### PROBLEM REQUIREMENTS
As you restate the entries, keep every word intact and leave out whatever images they hold.

### PROVIDED MATERIAL

▬▬▬▬▬▬

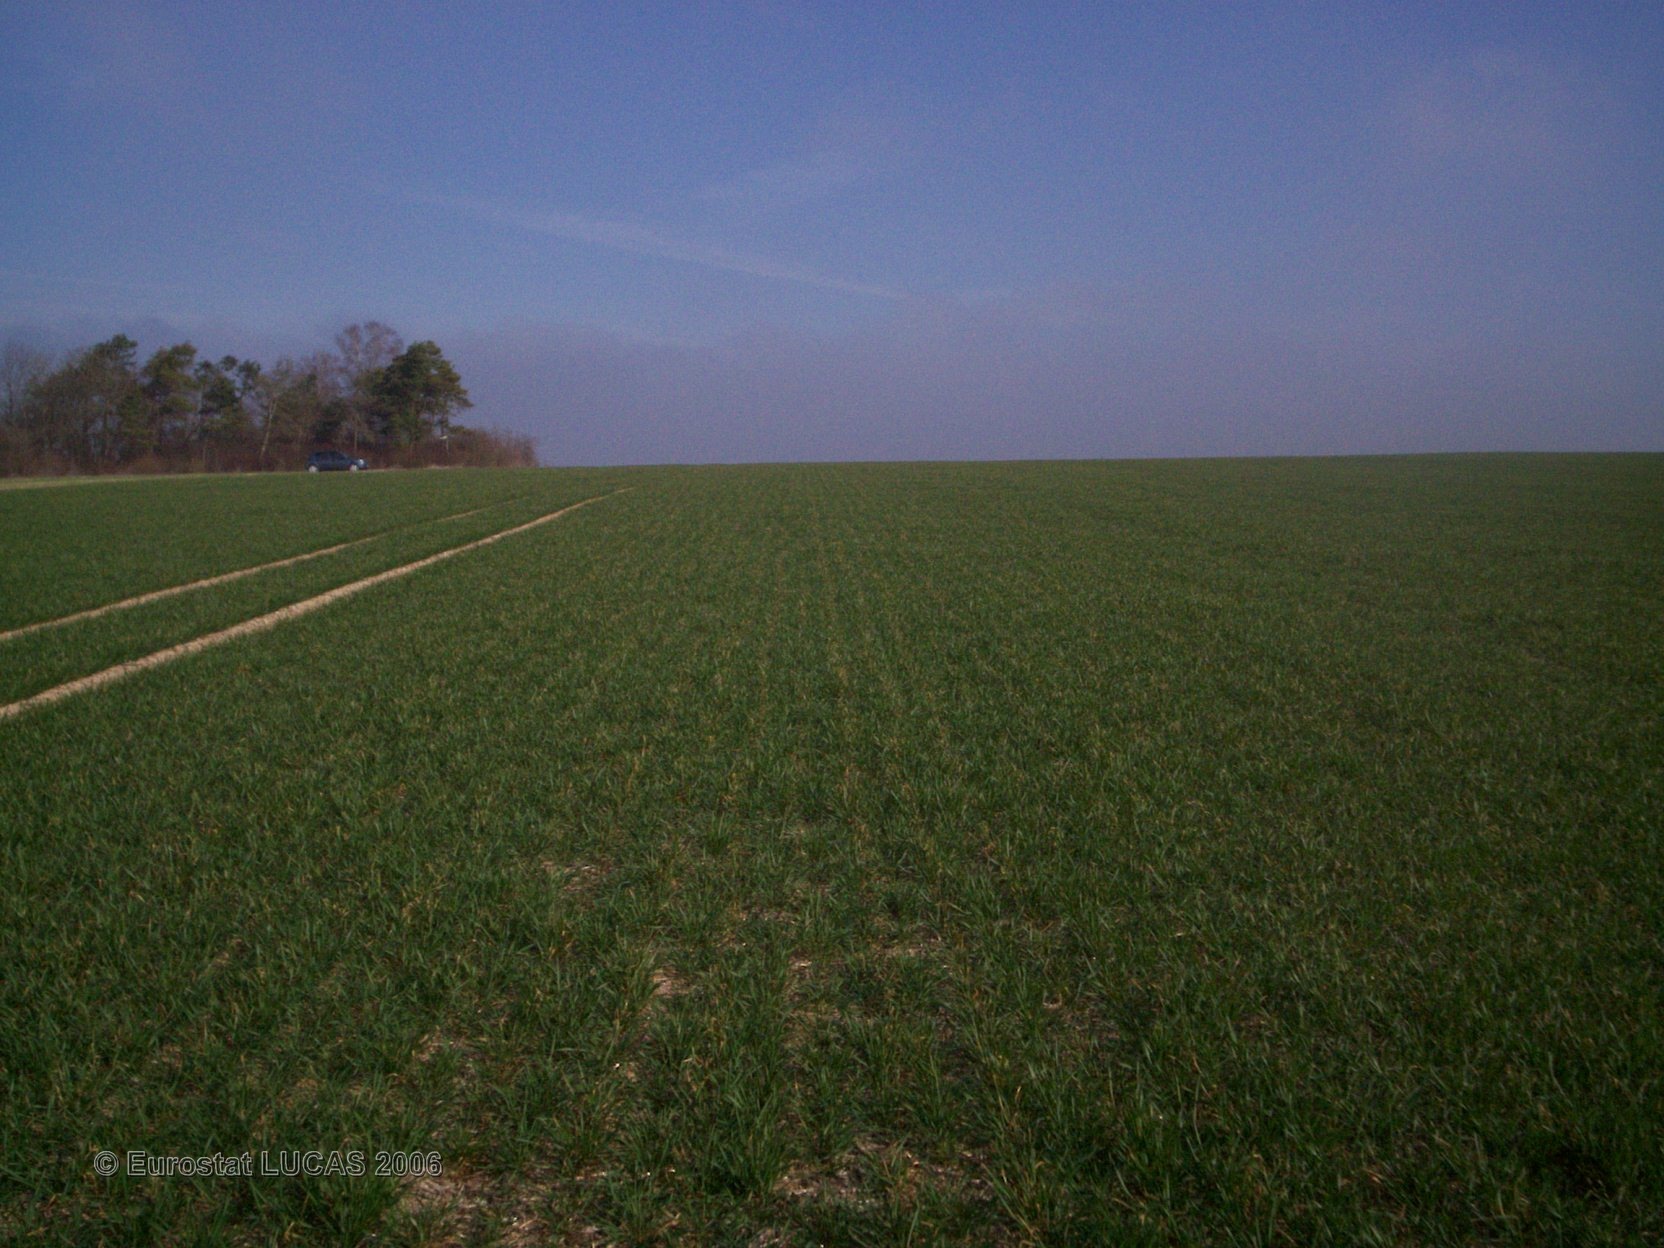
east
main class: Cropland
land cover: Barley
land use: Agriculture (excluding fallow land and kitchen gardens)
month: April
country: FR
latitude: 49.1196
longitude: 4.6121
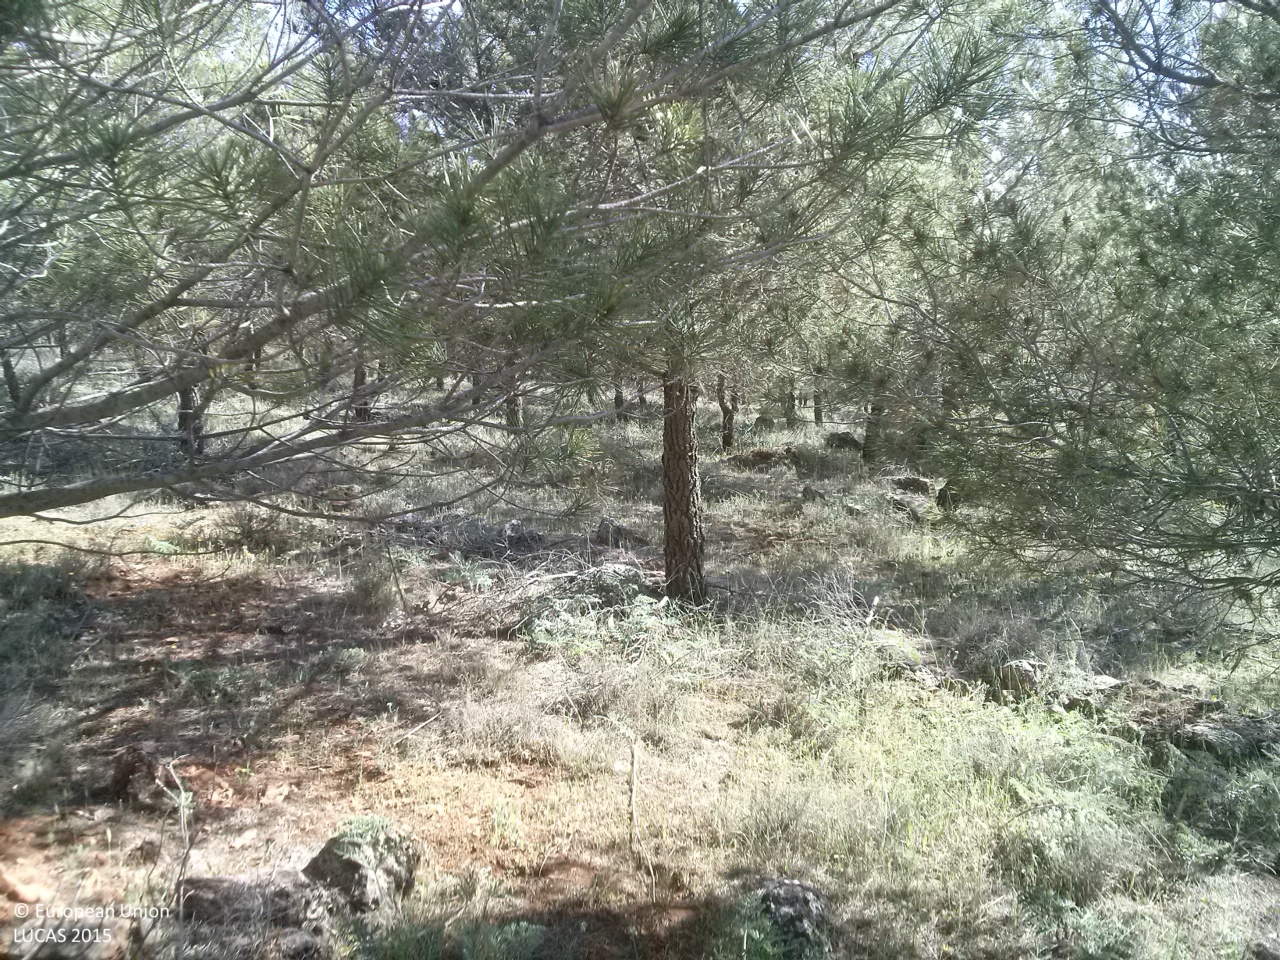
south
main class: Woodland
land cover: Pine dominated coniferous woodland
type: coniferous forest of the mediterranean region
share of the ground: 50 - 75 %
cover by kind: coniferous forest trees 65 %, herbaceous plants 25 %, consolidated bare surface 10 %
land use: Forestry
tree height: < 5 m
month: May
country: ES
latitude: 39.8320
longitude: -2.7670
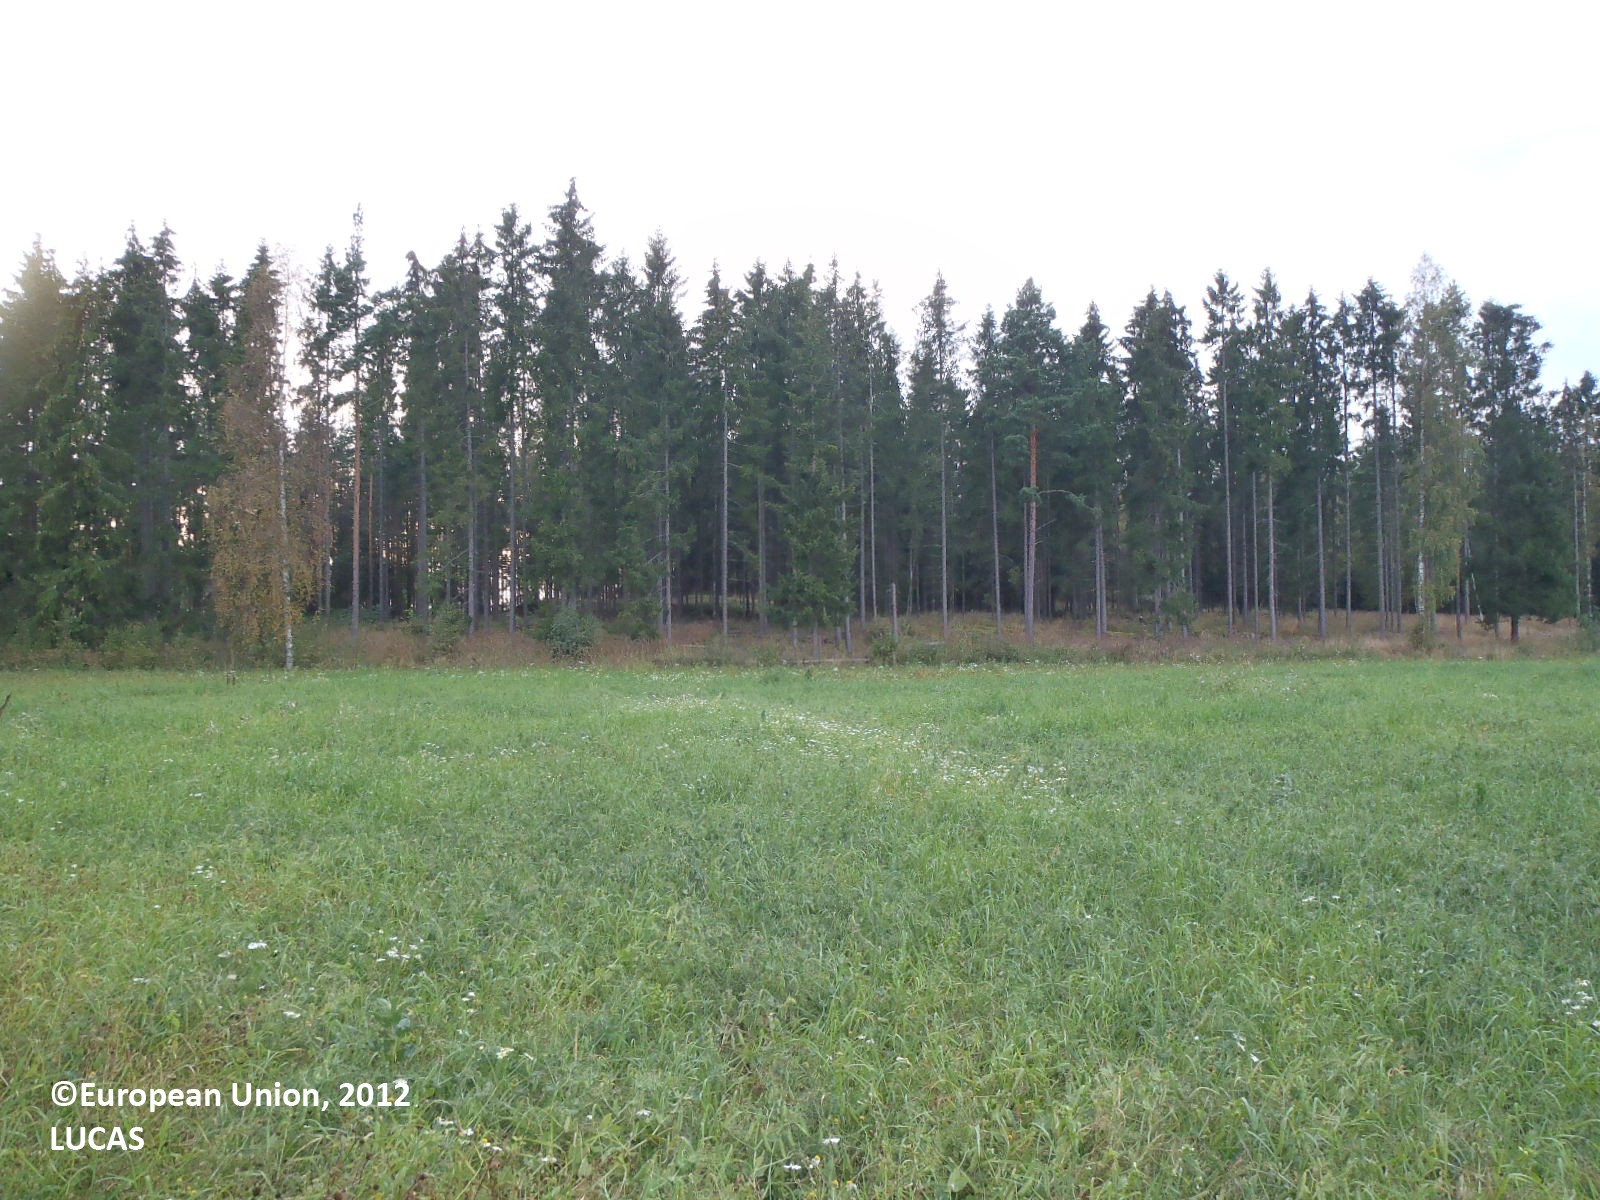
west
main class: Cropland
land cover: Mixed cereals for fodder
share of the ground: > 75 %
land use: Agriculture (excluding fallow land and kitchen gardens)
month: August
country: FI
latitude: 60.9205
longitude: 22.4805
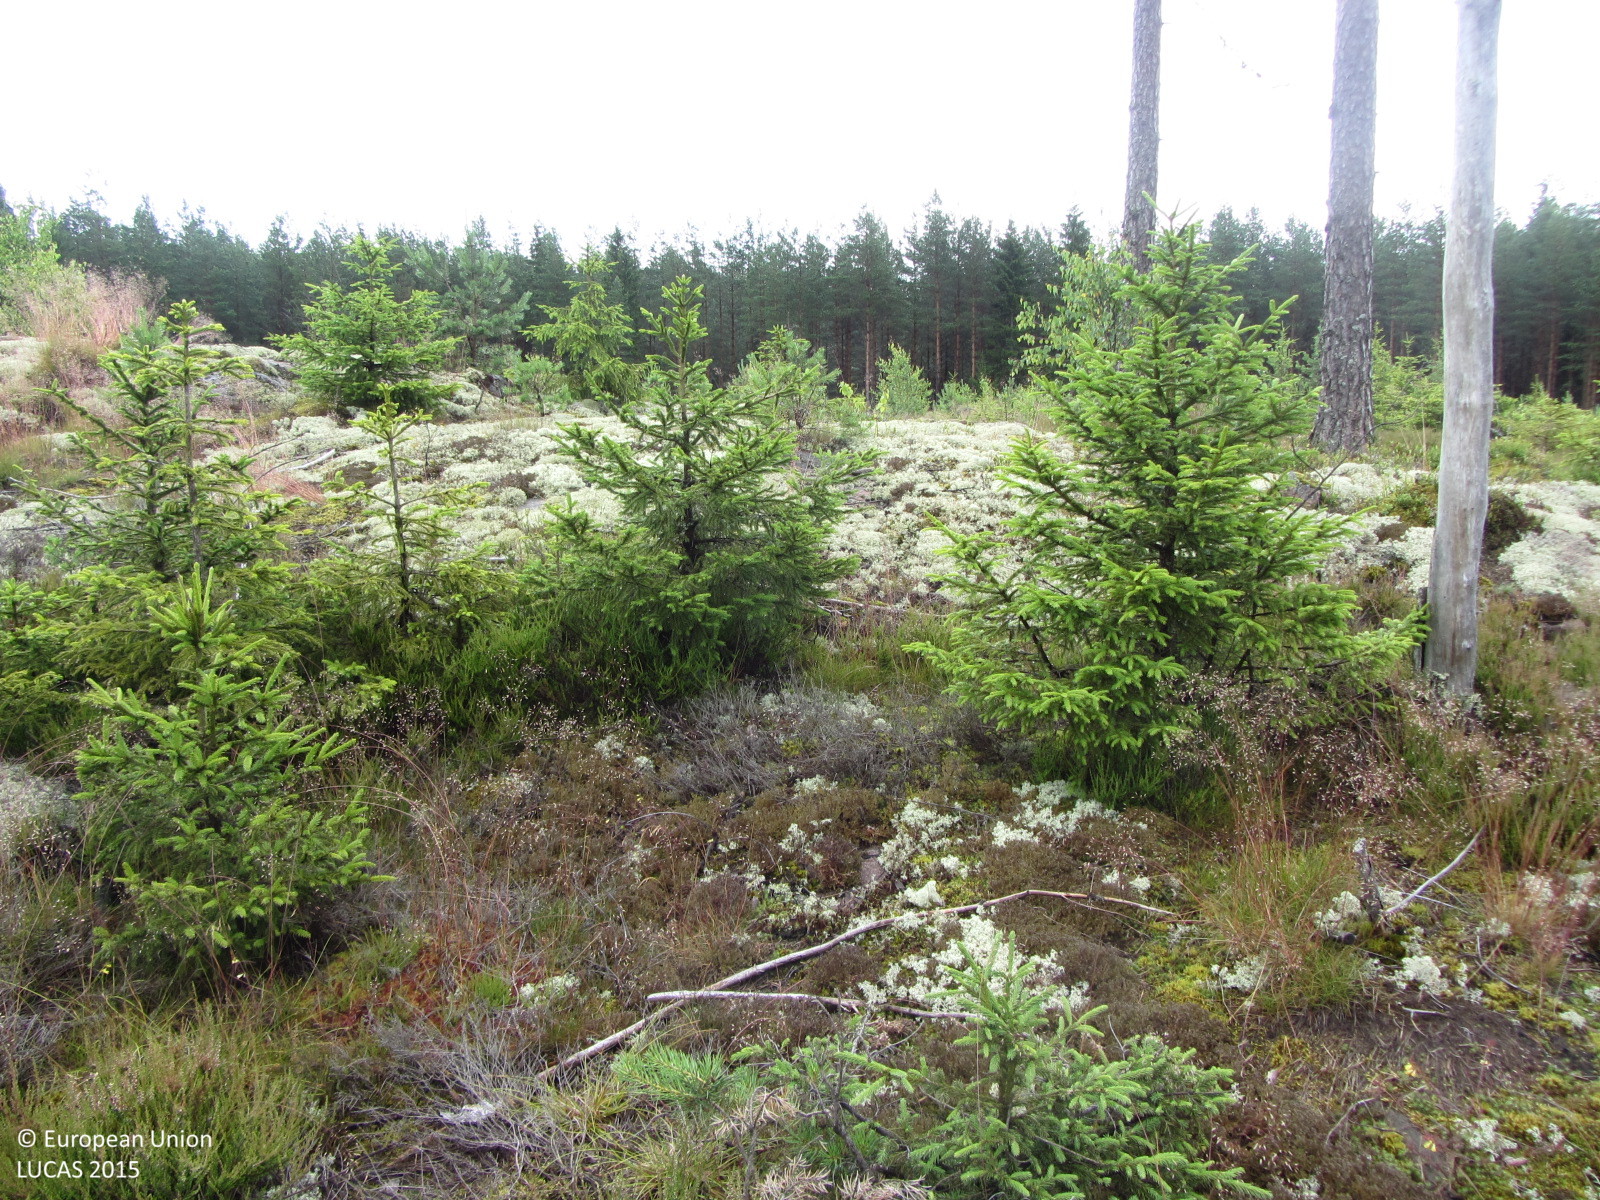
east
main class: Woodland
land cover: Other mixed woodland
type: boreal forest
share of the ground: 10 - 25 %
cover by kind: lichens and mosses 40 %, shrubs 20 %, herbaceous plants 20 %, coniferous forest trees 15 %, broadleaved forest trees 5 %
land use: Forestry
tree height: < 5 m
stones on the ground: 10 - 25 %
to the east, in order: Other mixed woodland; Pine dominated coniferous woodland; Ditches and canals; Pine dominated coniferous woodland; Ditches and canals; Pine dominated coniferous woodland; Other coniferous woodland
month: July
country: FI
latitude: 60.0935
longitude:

▬▬▬▬▬▬

### SOLUTION TO THIS EXERCISE
east
main class: Cropland
land cover: Barley
land use: Agriculture (excluding fallow land and kitchen gardens)
month: April
country: FR
latitude: 49.1196
longitude: 4.6121
south
main class: Woodland
land cover: Pine dominated coniferous woodland
type: coniferous forest of the mediterranean region
share of the ground: 50 - 75 %
cover by kind: coniferous forest trees 65 %, herbaceous plants 25 %, consolidated bare surface 10 %
land use: Forestry
tree height: < 5 m
month: May
country: ES
latitude: 39.8320
longitude: -2.7670
west
main class: Cropland
land cover: Mixed cereals for fodder
share of the ground: > 75 %
land use: Agriculture (excluding fallow land and kitchen gardens)
month: August
country: FI
latitude: 60.9205
longitude: 22.4805
east
main class: Woodland
land cover: Other mixed woodland
type: boreal forest
share of the ground: 10 - 25 %
cover by kind: lichens and mosses 40 %, shrubs 20 %, herbaceous plants 20 %, coniferous forest trees 15 %, broadleaved forest trees 5 %
land use: Forestry
tree height: < 5 m
stones on the ground: 10 - 25 %
to the east, in order: Other mixed woodland; Pine dominated coniferous woodland; Ditches and canals; Pine dominated coniferous woodland; Ditches and canals; Pine dominated coniferous woodland; Other coniferous woodland
month: July
country: FI
latitude: 60.0935
longitude:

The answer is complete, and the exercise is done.